[Source data]
----------------

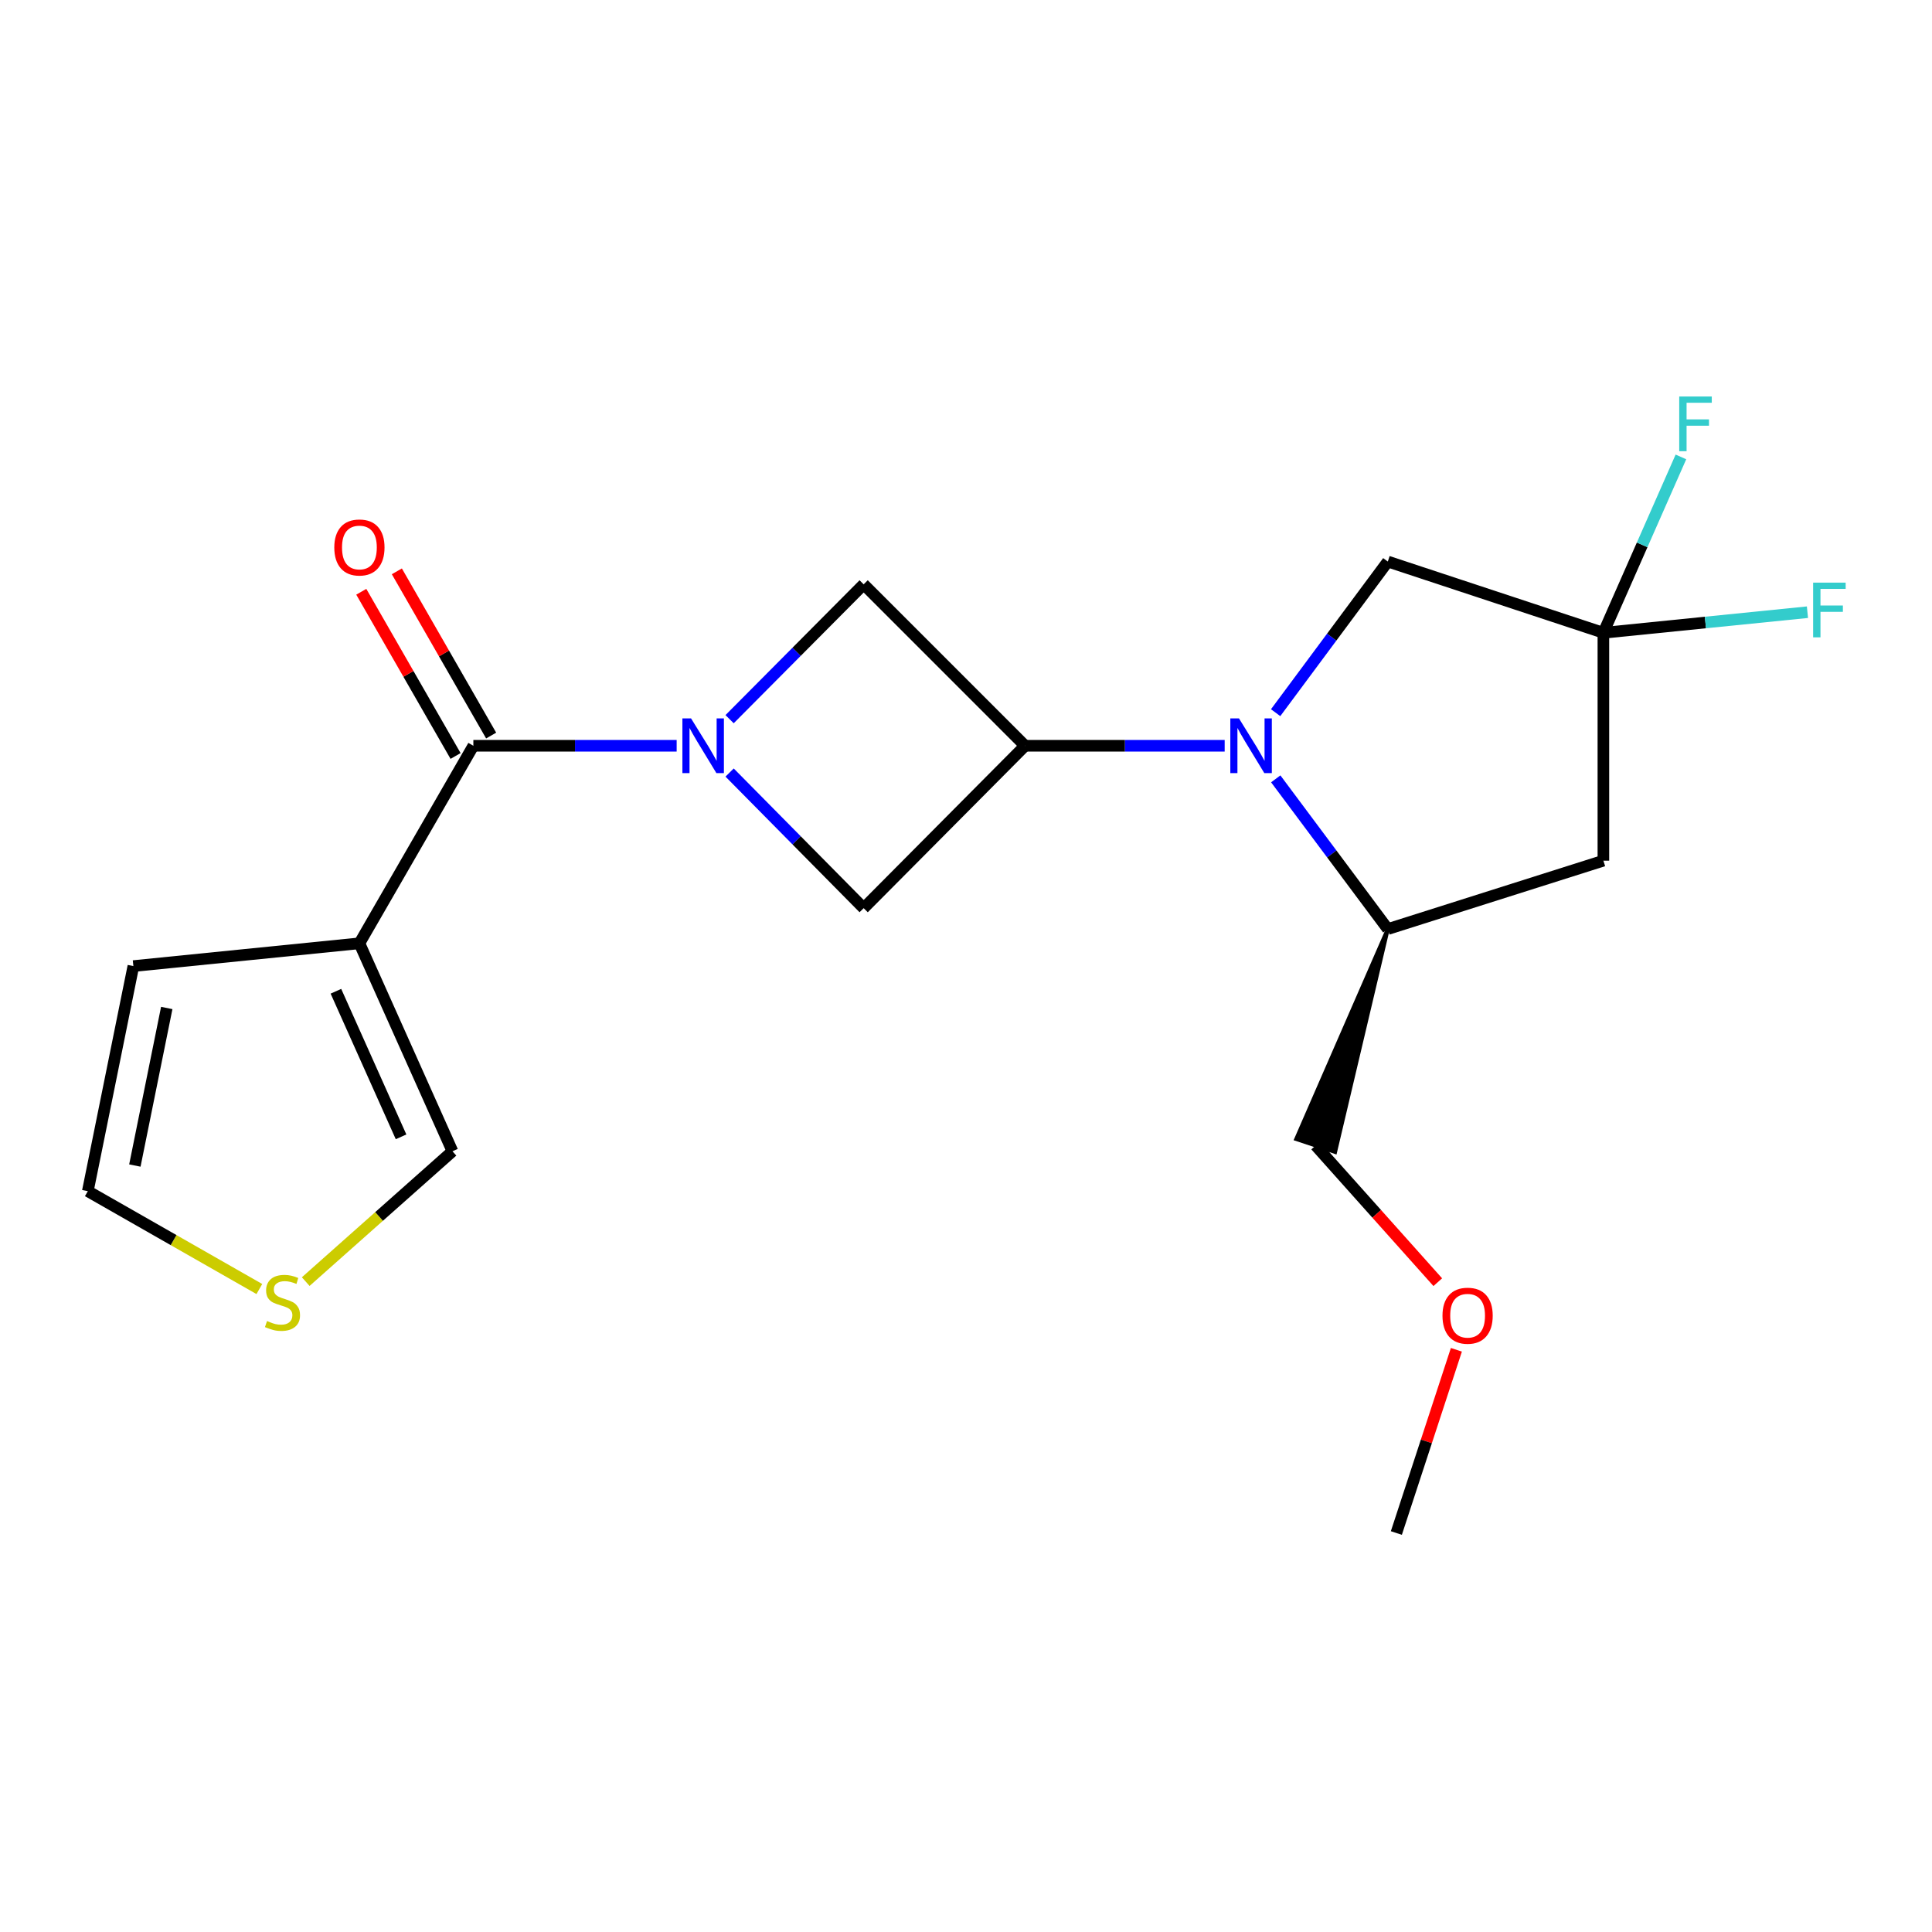<?xml version='1.0' encoding='iso-8859-1'?>
<svg version='1.1' baseProfile='full'
              xmlns='http://www.w3.org/2000/svg'
                      xmlns:rdkit='http://www.rdkit.org/xml'
                      xmlns:xlink='http://www.w3.org/1999/xlink'
                  xml:space='preserve'
width='1000px' height='1000px' viewBox='0 0 1000 1000'>
<!-- END OF HEADER -->
<rect style='opacity:1.0;fill:#FFFFFF;stroke:none' width='1000' height='1000' x='0' y='0'> </rect>
<path class='bond-1' d='M 350.237,386.009 L 297.623,386.009' style='fill:none;fill-rule:evenodd;stroke:#0000FF;stroke-width:6px;stroke-linecap:butt;stroke-linejoin:miter;stroke-opacity:1' />
<path class='bond-1' d='M 297.623,386.009 L 245.01,386.009' style='fill:none;fill-rule:evenodd;stroke:#000000;stroke-width:6px;stroke-linecap:butt;stroke-linejoin:miter;stroke-opacity:1' />
<path class='bond-6' d='M 377.636,372.246 L 412.333,337.351' style='fill:none;fill-rule:evenodd;stroke:#0000FF;stroke-width:6px;stroke-linecap:butt;stroke-linejoin:miter;stroke-opacity:1' />
<path class='bond-6' d='M 412.333,337.351 L 447.03,302.457' style='fill:none;fill-rule:evenodd;stroke:#000000;stroke-width:6px;stroke-linecap:butt;stroke-linejoin:miter;stroke-opacity:1' />
<path class='bond-7' d='M 377.645,399.865 L 412.338,434.967' style='fill:none;fill-rule:evenodd;stroke:#0000FF;stroke-width:6px;stroke-linecap:butt;stroke-linejoin:miter;stroke-opacity:1' />
<path class='bond-7' d='M 412.338,434.967 L 447.03,470.068' style='fill:none;fill-rule:evenodd;stroke:#000000;stroke-width:6px;stroke-linecap:butt;stroke-linejoin:miter;stroke-opacity:1' />
<path class='bond-0' d='M 633.888,386.009 L 582.229,386.009' style='fill:none;fill-rule:evenodd;stroke:#0000FF;stroke-width:6px;stroke-linecap:butt;stroke-linejoin:miter;stroke-opacity:1' />
<path class='bond-0' d='M 582.229,386.009 L 530.571,386.009' style='fill:none;fill-rule:evenodd;stroke:#000000;stroke-width:6px;stroke-linecap:butt;stroke-linejoin:miter;stroke-opacity:1' />
<path class='bond-8' d='M 660.325,403.128 L 689.327,442.001' style='fill:none;fill-rule:evenodd;stroke:#0000FF;stroke-width:6px;stroke-linecap:butt;stroke-linejoin:miter;stroke-opacity:1' />
<path class='bond-8' d='M 689.327,442.001 L 718.33,480.874' style='fill:none;fill-rule:evenodd;stroke:#000000;stroke-width:6px;stroke-linecap:butt;stroke-linejoin:miter;stroke-opacity:1' />
<path class='bond-9' d='M 660.267,368.881 L 689.298,329.771' style='fill:none;fill-rule:evenodd;stroke:#0000FF;stroke-width:6px;stroke-linecap:butt;stroke-linejoin:miter;stroke-opacity:1' />
<path class='bond-9' d='M 689.298,329.771 L 718.33,290.661' style='fill:none;fill-rule:evenodd;stroke:#000000;stroke-width:6px;stroke-linecap:butt;stroke-linejoin:miter;stroke-opacity:1' />
<path class='bond-3' d='M 245.01,386.009 L 186.029,488.258' style='fill:none;fill-rule:evenodd;stroke:#000000;stroke-width:6px;stroke-linecap:butt;stroke-linejoin:miter;stroke-opacity:1' />
<path class='bond-13' d='M 254.216,380.723 L 229.814,338.223' style='fill:none;fill-rule:evenodd;stroke:#000000;stroke-width:6px;stroke-linecap:butt;stroke-linejoin:miter;stroke-opacity:1' />
<path class='bond-13' d='M 229.814,338.223 L 205.411,295.723' style='fill:none;fill-rule:evenodd;stroke:#FF0000;stroke-width:6px;stroke-linecap:butt;stroke-linejoin:miter;stroke-opacity:1' />
<path class='bond-13' d='M 235.803,391.296 L 211.4,348.796' style='fill:none;fill-rule:evenodd;stroke:#000000;stroke-width:6px;stroke-linecap:butt;stroke-linejoin:miter;stroke-opacity:1' />
<path class='bond-13' d='M 211.4,348.796 L 186.998,306.296' style='fill:none;fill-rule:evenodd;stroke:#FF0000;stroke-width:6px;stroke-linecap:butt;stroke-linejoin:miter;stroke-opacity:1' />
<path class='bond-2' d='M 530.571,386.009 L 447.03,470.068' style='fill:none;fill-rule:evenodd;stroke:#000000;stroke-width:6px;stroke-linecap:butt;stroke-linejoin:miter;stroke-opacity:1' />
<path class='bond-20' d='M 530.571,386.009 L 447.03,302.457' style='fill:none;fill-rule:evenodd;stroke:#000000;stroke-width:6px;stroke-linecap:butt;stroke-linejoin:miter;stroke-opacity:1' />
<path class='bond-11' d='M 186.029,488.258 L 234.193,595.898' style='fill:none;fill-rule:evenodd;stroke:#000000;stroke-width:6px;stroke-linecap:butt;stroke-linejoin:miter;stroke-opacity:1' />
<path class='bond-11' d='M 173.872,513.076 L 207.587,588.424' style='fill:none;fill-rule:evenodd;stroke:#000000;stroke-width:6px;stroke-linecap:butt;stroke-linejoin:miter;stroke-opacity:1' />
<path class='bond-12' d='M 186.029,488.258 L 69.035,500.042' style='fill:none;fill-rule:evenodd;stroke:#000000;stroke-width:6px;stroke-linecap:butt;stroke-linejoin:miter;stroke-opacity:1' />
<path class='bond-4' d='M 829.909,327.536 L 718.33,290.661' style='fill:none;fill-rule:evenodd;stroke:#000000;stroke-width:6px;stroke-linecap:butt;stroke-linejoin:miter;stroke-opacity:1' />
<path class='bond-15' d='M 829.909,327.536 L 849.976,282.02' style='fill:none;fill-rule:evenodd;stroke:#000000;stroke-width:6px;stroke-linecap:butt;stroke-linejoin:miter;stroke-opacity:1' />
<path class='bond-15' d='M 849.976,282.02 L 870.044,236.504' style='fill:none;fill-rule:evenodd;stroke:#33CCCC;stroke-width:6px;stroke-linecap:butt;stroke-linejoin:miter;stroke-opacity:1' />
<path class='bond-16' d='M 829.909,327.536 L 882.721,322.205' style='fill:none;fill-rule:evenodd;stroke:#000000;stroke-width:6px;stroke-linecap:butt;stroke-linejoin:miter;stroke-opacity:1' />
<path class='bond-16' d='M 882.721,322.205 L 935.532,316.874' style='fill:none;fill-rule:evenodd;stroke:#33CCCC;stroke-width:6px;stroke-linecap:butt;stroke-linejoin:miter;stroke-opacity:1' />
<path class='bond-22' d='M 829.909,327.536 L 829.909,445.485' style='fill:none;fill-rule:evenodd;stroke:#000000;stroke-width:6px;stroke-linecap:butt;stroke-linejoin:miter;stroke-opacity:1' />
<path class='bond-5' d='M 829.909,445.485 L 718.33,480.874' style='fill:none;fill-rule:evenodd;stroke:#000000;stroke-width:6px;stroke-linecap:butt;stroke-linejoin:miter;stroke-opacity:1' />
<path class='bond-17' d='M 718.33,480.874 L 670.911,589.568 L 691.055,596.282 Z' style='fill:#000000;fill-rule:evenodd;fill-opacity:1;stroke:#000000;stroke-width:2px;stroke-linecap:butt;stroke-linejoin:miter;stroke-opacity:1;' />
<path class='bond-10' d='M 158.239,663.358 L 196.216,629.628' style='fill:none;fill-rule:evenodd;stroke:#CCCC00;stroke-width:6px;stroke-linecap:butt;stroke-linejoin:miter;stroke-opacity:1' />
<path class='bond-10' d='M 196.216,629.628 L 234.193,595.898' style='fill:none;fill-rule:evenodd;stroke:#000000;stroke-width:6px;stroke-linecap:butt;stroke-linejoin:miter;stroke-opacity:1' />
<path class='bond-21' d='M 134.237,667.2 L 89.846,641.87' style='fill:none;fill-rule:evenodd;stroke:#CCCC00;stroke-width:6px;stroke-linecap:butt;stroke-linejoin:miter;stroke-opacity:1' />
<path class='bond-21' d='M 89.846,641.87 L 45.455,616.541' style='fill:none;fill-rule:evenodd;stroke:#000000;stroke-width:6px;stroke-linecap:butt;stroke-linejoin:miter;stroke-opacity:1' />
<path class='bond-14' d='M 69.035,500.042 L 45.455,616.541' style='fill:none;fill-rule:evenodd;stroke:#000000;stroke-width:6px;stroke-linecap:butt;stroke-linejoin:miter;stroke-opacity:1' />
<path class='bond-14' d='M 86.309,521.73 L 69.803,603.279' style='fill:none;fill-rule:evenodd;stroke:#000000;stroke-width:6px;stroke-linecap:butt;stroke-linejoin:miter;stroke-opacity:1' />
<path class='bond-18' d='M 680.983,592.925 L 712.588,628.289' style='fill:none;fill-rule:evenodd;stroke:#000000;stroke-width:6px;stroke-linecap:butt;stroke-linejoin:miter;stroke-opacity:1' />
<path class='bond-18' d='M 712.588,628.289 L 744.193,663.654' style='fill:none;fill-rule:evenodd;stroke:#FF0000;stroke-width:6px;stroke-linecap:butt;stroke-linejoin:miter;stroke-opacity:1' />
<path class='bond-19' d='M 753.822,698.645 L 738.288,746.064' style='fill:none;fill-rule:evenodd;stroke:#FF0000;stroke-width:6px;stroke-linecap:butt;stroke-linejoin:miter;stroke-opacity:1' />
<path class='bond-19' d='M 738.288,746.064 L 722.753,793.483' style='fill:none;fill-rule:evenodd;stroke:#000000;stroke-width:6px;stroke-linecap:butt;stroke-linejoin:miter;stroke-opacity:1' />
<path  class='atom-0' d='M 357.69 371.849
L 366.97 386.849
Q 367.89 388.329, 369.37 391.009
Q 370.85 393.689, 370.93 393.849
L 370.93 371.849
L 374.69 371.849
L 374.69 400.169
L 370.81 400.169
L 360.85 383.769
Q 359.69 381.849, 358.45 379.649
Q 357.25 377.449, 356.89 376.769
L 356.89 400.169
L 353.21 400.169
L 353.21 371.849
L 357.69 371.849
' fill='#0000FF'/>
<path  class='atom-1' d='M 641.293 371.849
L 650.573 386.849
Q 651.493 388.329, 652.973 391.009
Q 654.453 393.689, 654.533 393.849
L 654.533 371.849
L 658.293 371.849
L 658.293 400.169
L 654.413 400.169
L 644.453 383.769
Q 643.293 381.849, 642.053 379.649
Q 640.853 377.449, 640.493 376.769
L 640.493 400.169
L 636.813 400.169
L 636.813 371.849
L 641.293 371.849
' fill='#0000FF'/>
<path  class='atom-11' d='M 138.217 683.755
Q 138.537 683.875, 139.857 684.435
Q 141.177 684.995, 142.617 685.355
Q 144.097 685.675, 145.537 685.675
Q 148.217 685.675, 149.777 684.395
Q 151.337 683.075, 151.337 680.795
Q 151.337 679.235, 150.537 678.275
Q 149.777 677.315, 148.577 676.795
Q 147.377 676.275, 145.377 675.675
Q 142.857 674.915, 141.337 674.195
Q 139.857 673.475, 138.777 671.955
Q 137.737 670.435, 137.737 667.875
Q 137.737 664.315, 140.137 662.115
Q 142.577 659.915, 147.377 659.915
Q 150.657 659.915, 154.377 661.475
L 153.457 664.555
Q 150.057 663.155, 147.497 663.155
Q 144.737 663.155, 143.217 664.315
Q 141.697 665.435, 141.737 667.395
Q 141.737 668.915, 142.497 669.835
Q 143.297 670.755, 144.417 671.275
Q 145.577 671.795, 147.497 672.395
Q 150.057 673.195, 151.577 673.995
Q 153.097 674.795, 154.177 676.435
Q 155.297 678.035, 155.297 680.795
Q 155.297 684.715, 152.657 686.835
Q 150.057 688.915, 145.697 688.915
Q 143.177 688.915, 141.257 688.355
Q 139.377 687.835, 137.137 686.915
L 138.217 683.755
' fill='#CCCC00'/>
<path  class='atom-14' d='M 173.029 283.368
Q 173.029 276.568, 176.389 272.768
Q 179.749 268.968, 186.029 268.968
Q 192.309 268.968, 195.669 272.768
Q 199.029 276.568, 199.029 283.368
Q 199.029 290.248, 195.629 294.168
Q 192.229 298.048, 186.029 298.048
Q 179.789 298.048, 176.389 294.168
Q 173.029 290.288, 173.029 283.368
M 186.029 294.848
Q 190.349 294.848, 192.669 291.968
Q 195.029 289.048, 195.029 283.368
Q 195.029 277.808, 192.669 275.008
Q 190.349 272.168, 186.029 272.168
Q 181.709 272.168, 179.349 274.968
Q 177.029 277.768, 177.029 283.368
Q 177.029 289.088, 179.349 291.968
Q 181.709 294.848, 186.029 294.848
' fill='#FF0000'/>
<path  class='atom-16' d='M 869.169 205.229
L 886.009 205.229
L 886.009 208.469
L 872.969 208.469
L 872.969 217.069
L 884.569 217.069
L 884.569 220.349
L 872.969 220.349
L 872.969 233.549
L 869.169 233.549
L 869.169 205.229
' fill='#33CCCC'/>
<path  class='atom-17' d='M 938.471 301.568
L 955.311 301.568
L 955.311 304.808
L 942.271 304.808
L 942.271 313.408
L 953.871 313.408
L 953.871 316.688
L 942.271 316.688
L 942.271 329.888
L 938.471 329.888
L 938.471 301.568
' fill='#33CCCC'/>
<path  class='atom-19' d='M 746.628 681.004
Q 746.628 674.204, 749.988 670.404
Q 753.348 666.604, 759.628 666.604
Q 765.908 666.604, 769.268 670.404
Q 772.628 674.204, 772.628 681.004
Q 772.628 687.884, 769.228 691.804
Q 765.828 695.684, 759.628 695.684
Q 753.388 695.684, 749.988 691.804
Q 746.628 687.924, 746.628 681.004
M 759.628 692.484
Q 763.948 692.484, 766.268 689.604
Q 768.628 686.684, 768.628 681.004
Q 768.628 675.444, 766.268 672.644
Q 763.948 669.804, 759.628 669.804
Q 755.308 669.804, 752.948 672.604
Q 750.628 675.404, 750.628 681.004
Q 750.628 686.724, 752.948 689.604
Q 755.308 692.484, 759.628 692.484
' fill='#FF0000'/>
</svg>

----------------

* [Work item]: Repeat exactly and only the lines from the start of the data above through the line that holds "<path class='bond-6' d='M 377.636,372.246", inclusive. Pictures do not belong in the copy.

* [Answer to this exercise]:
<?xml version='1.0' encoding='iso-8859-1'?>
<svg version='1.1' baseProfile='full'
              xmlns='http://www.w3.org/2000/svg'
                      xmlns:rdkit='http://www.rdkit.org/xml'
                      xmlns:xlink='http://www.w3.org/1999/xlink'
                  xml:space='preserve'
width='1000px' height='1000px' viewBox='0 0 1000 1000'>
<!-- END OF HEADER -->
<rect style='opacity:1.0;fill:#FFFFFF;stroke:none' width='1000' height='1000' x='0' y='0'> </rect>
<path class='bond-1' d='M 350.237,386.009 L 297.623,386.009' style='fill:none;fill-rule:evenodd;stroke:#0000FF;stroke-width:6px;stroke-linecap:butt;stroke-linejoin:miter;stroke-opacity:1' />
<path class='bond-1' d='M 297.623,386.009 L 245.01,386.009' style='fill:none;fill-rule:evenodd;stroke:#000000;stroke-width:6px;stroke-linecap:butt;stroke-linejoin:miter;stroke-opacity:1' />
<path class='bond-6' d='M 377.636,372.246 L 412.333,337.351' style='fill:none;fill-rule:evenodd;stroke:#0000FF;stroke-width:6px;stroke-linecap:butt;stroke-linejoin:miter;stroke-opacity:1' />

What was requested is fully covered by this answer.